Indicate by check mark whether the registrant is an emerging growth company as defined in Rule 405 of the Securities Act of 1933 (17 CFR §230.405) or Rule 12b-2 of the Securities Exchange Act of 1934 (17 CFR §240.12b-2).

Emerging growth company x

If an emerging growth company, indicate by check mark if the registrant has elected not to use the extended transition period for complying with any new or revised financial accounting standards provided pursuant to Section

13(a) of the Exchange Act. ¨

Item 8.01. Other Events.

As previously disclosed in its final prospectus dated March 24, 2021, the Company completed its initial public offering (the "IPO") of 10,000,000 shares of its Class A common stock, par value $0.00001 per share (the "Common Stock"), at a price to the public of $14.00 per share on March 24, 2021. The gross proceeds to the Company from the IPO were $140,000,000, before deducting underwriting discounts and commissions and estimated offering expenses payable by the Company.

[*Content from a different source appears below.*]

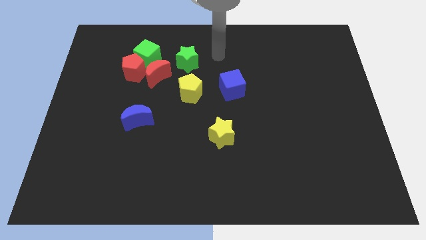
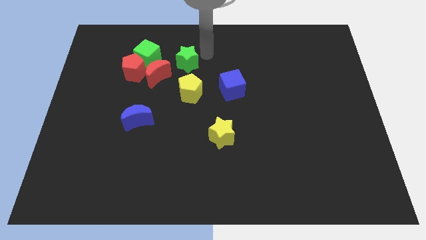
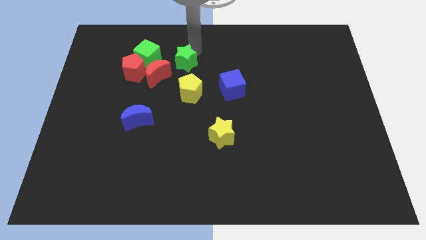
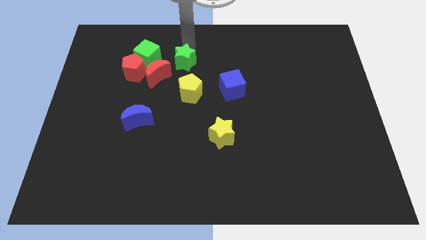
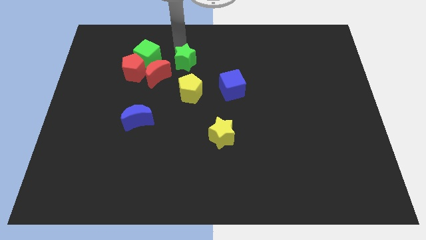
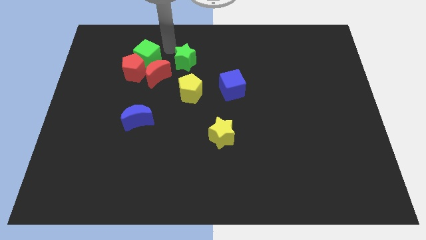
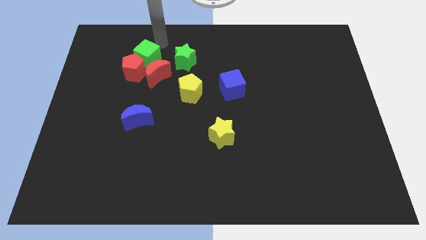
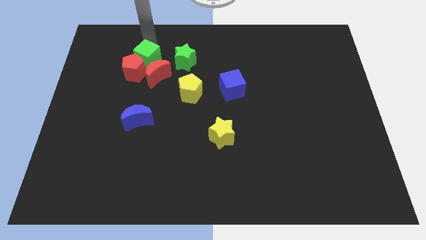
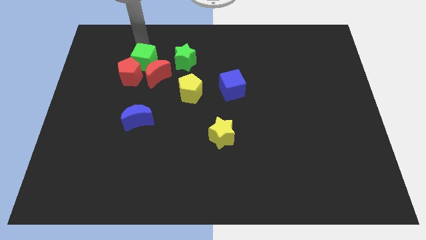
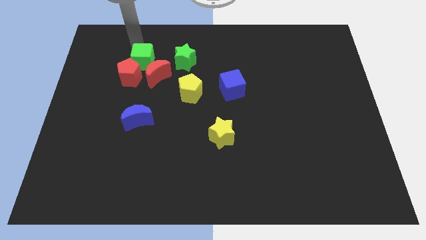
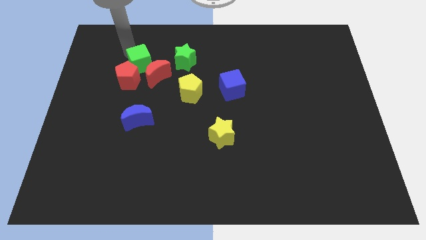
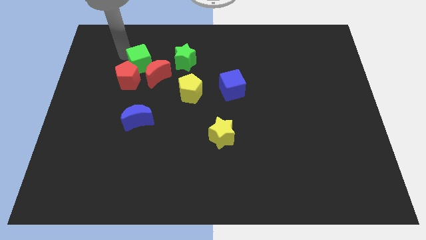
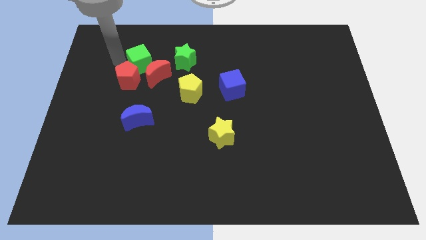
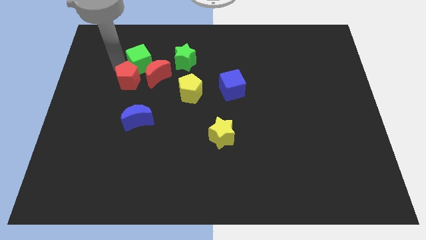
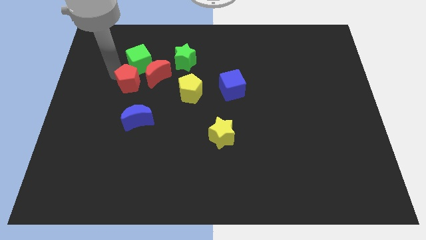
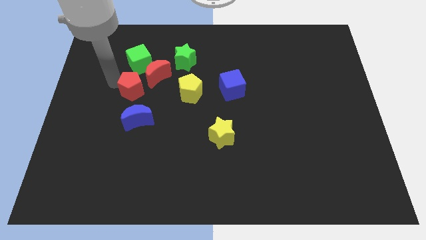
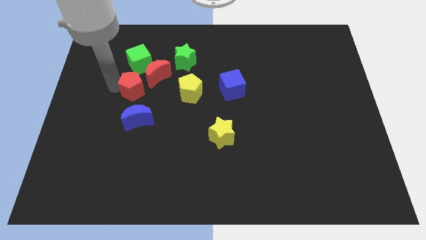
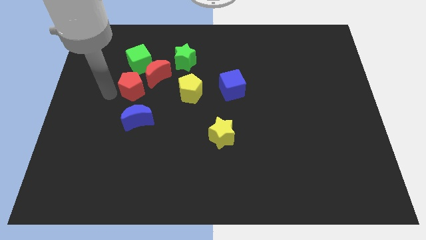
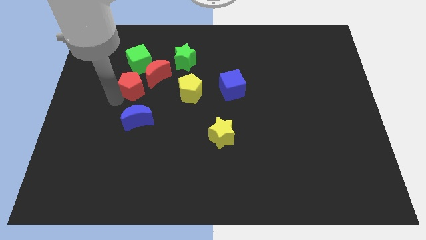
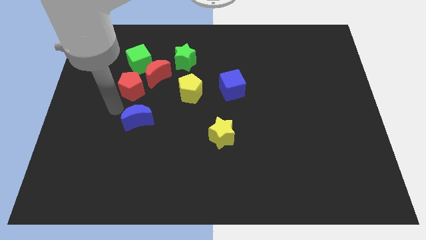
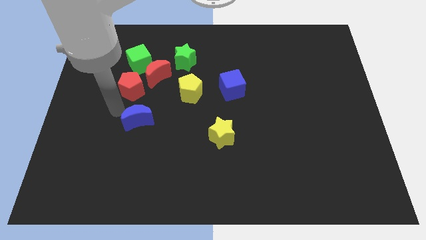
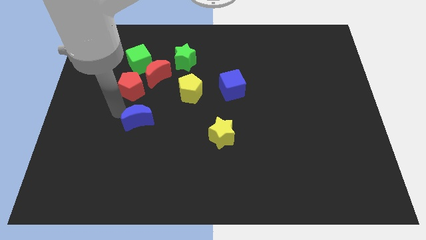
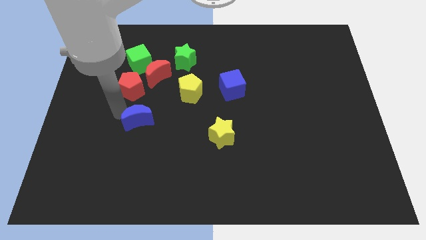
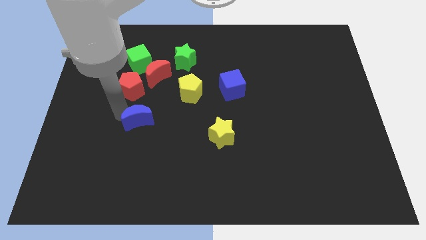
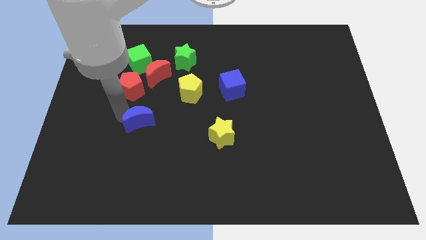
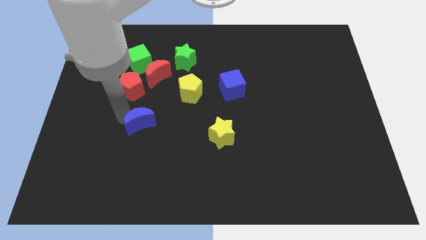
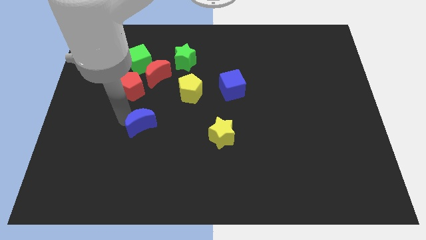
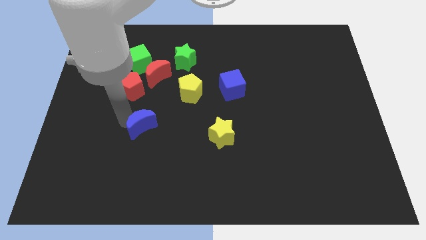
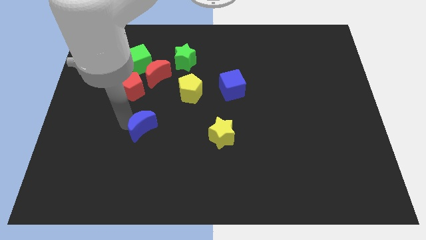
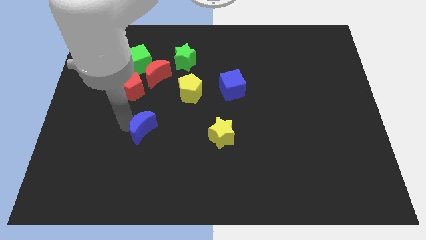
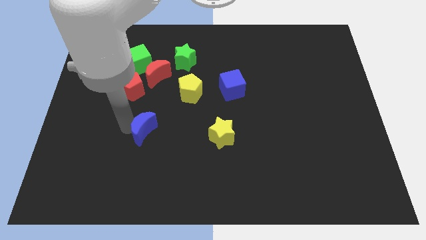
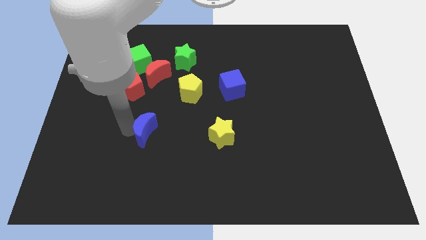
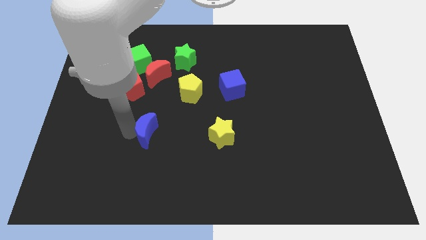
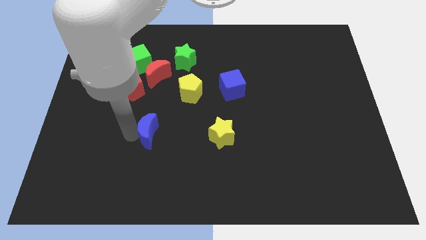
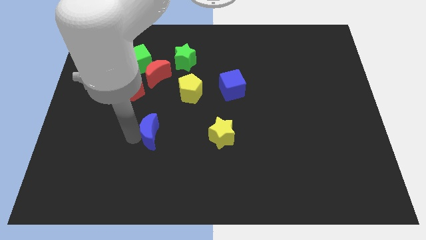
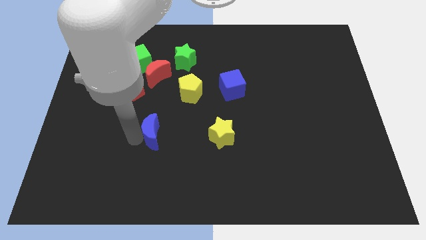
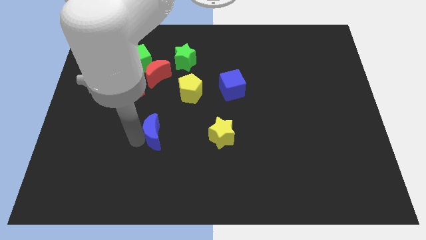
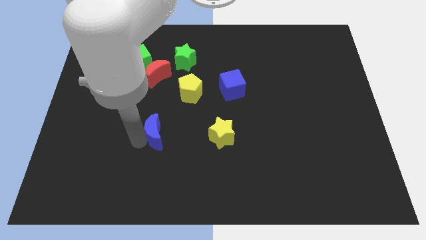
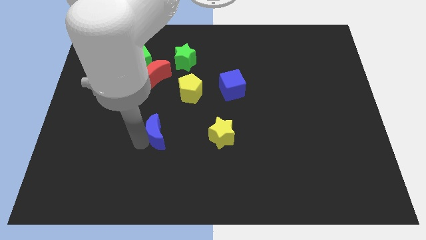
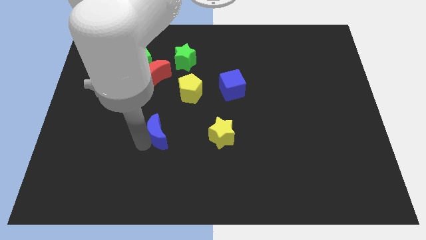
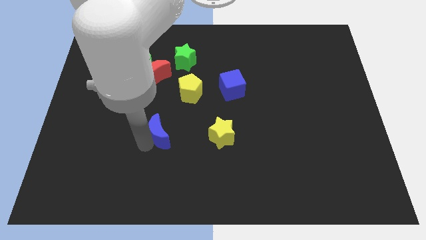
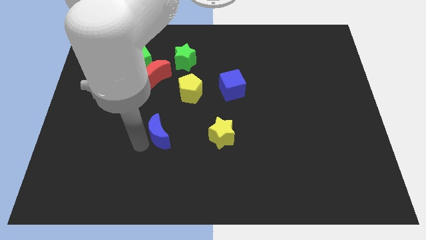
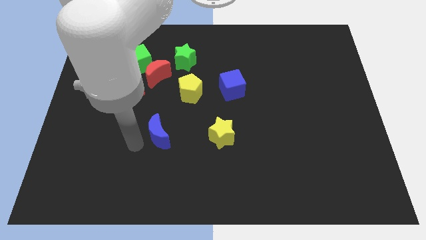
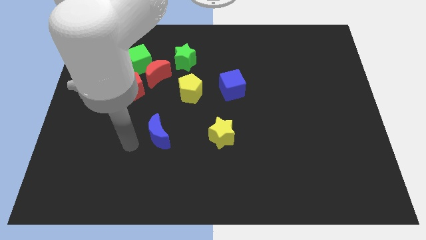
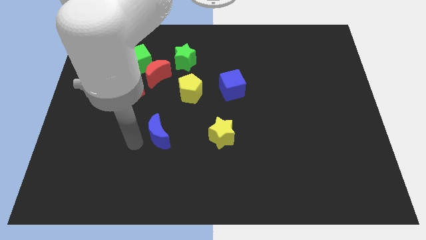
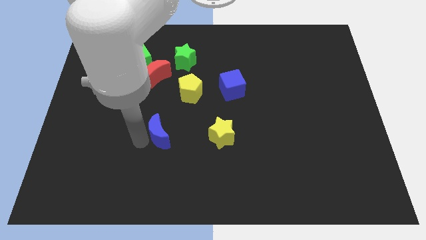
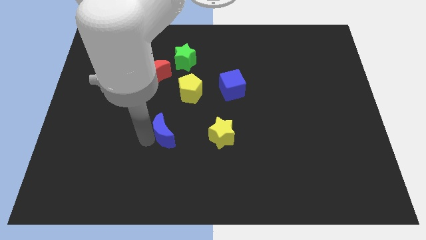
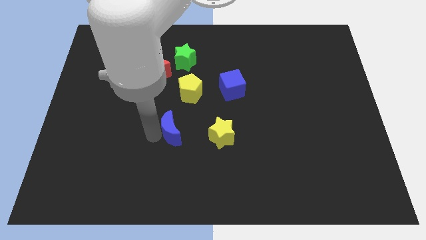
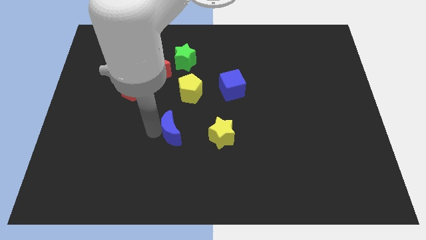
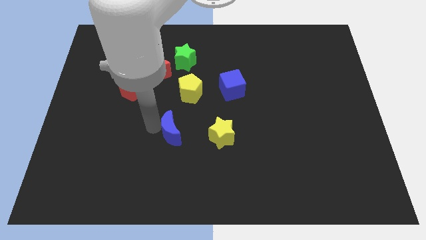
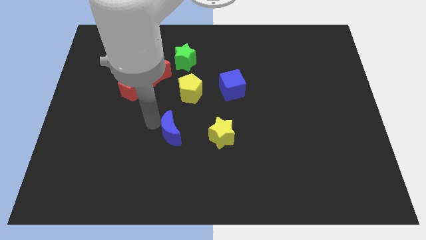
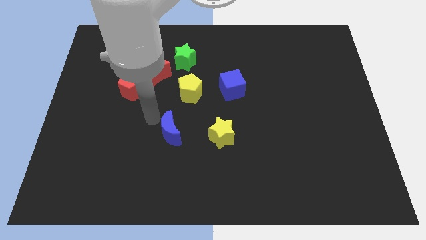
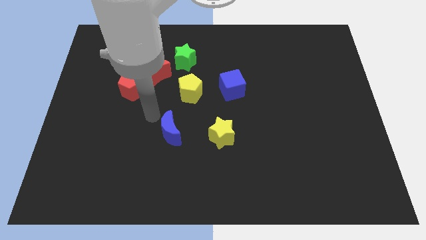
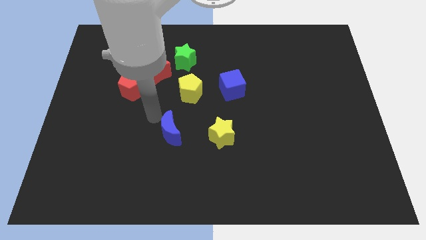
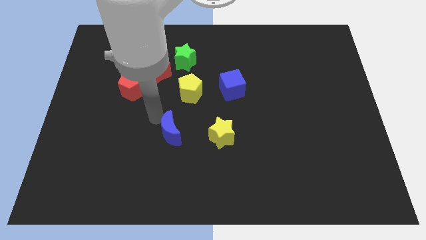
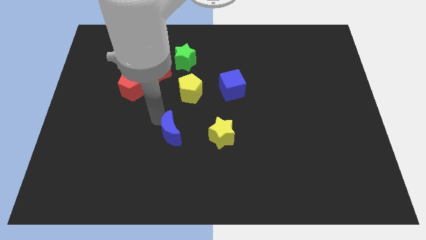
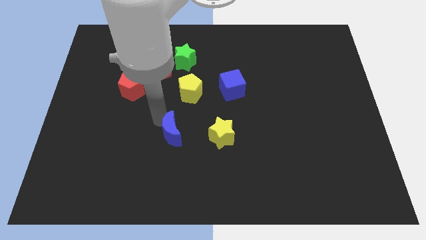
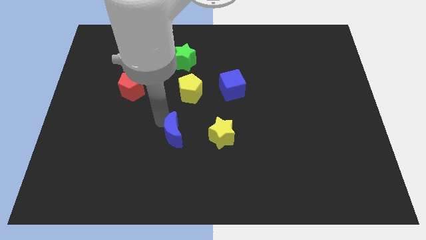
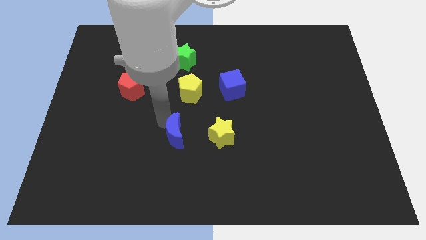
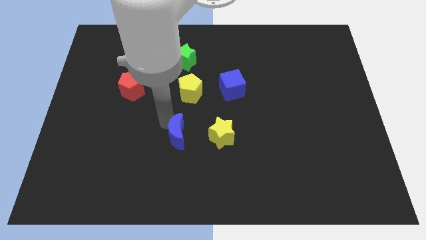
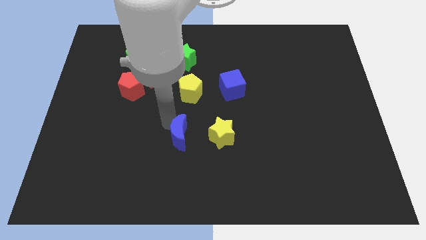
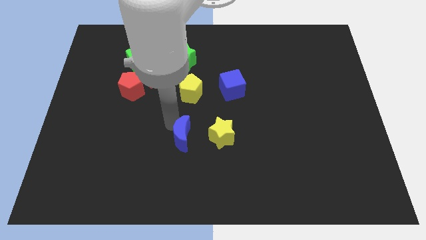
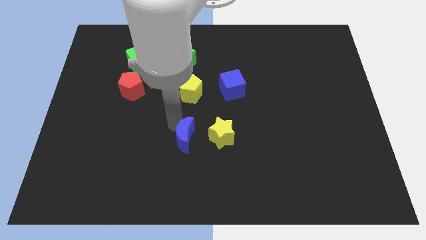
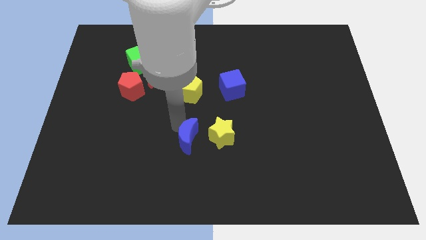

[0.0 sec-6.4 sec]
push the blue moon diagonally down and to the left of the yellow star

Pursuant to an underwriting agreement by and between the Company and Goldman Sachs & Co. LLP, J.P. Morgan Securities LLC, and Jefferies LLC, as representatives of the several underwriters (the “ Underwriters ”), the Company granted the Underwriters an option to purchase up to an additional 1,500,000 shares of Common Stock solely to cover over-allotments, if any.

Subsequently, on April 20, 2021, the Underwriters partially exercised their over-allotment option, and the closing of the issuance and sale of the additional 719,266 shares of Common Stock (the “ Over-Allotment Closing ”) occurred on April 23, 2021, resulting in additional gross proceeds to the Company of approximately $10.07 million, less underwriting discounts and commissions.

On April 26, 2021, the Company issued a press release announcing the Over-Allotment Closing. The press release is attached as Exhibit 99.1 to this report and is incorporated herein by reference.

Item 9.01. Financial Statements and Exhibits .

(d) Exhibits

Exhibit No. Description
99.1 Press Release of S em rush Holdings, Inc ., dated April 26, 2021

SIGNATURES

Pursuant to the requirements of the Securities Exchange Act of 1934, the registrant has duly caused this report to be signed on its behalf by the undersigned hereunto duly authorized.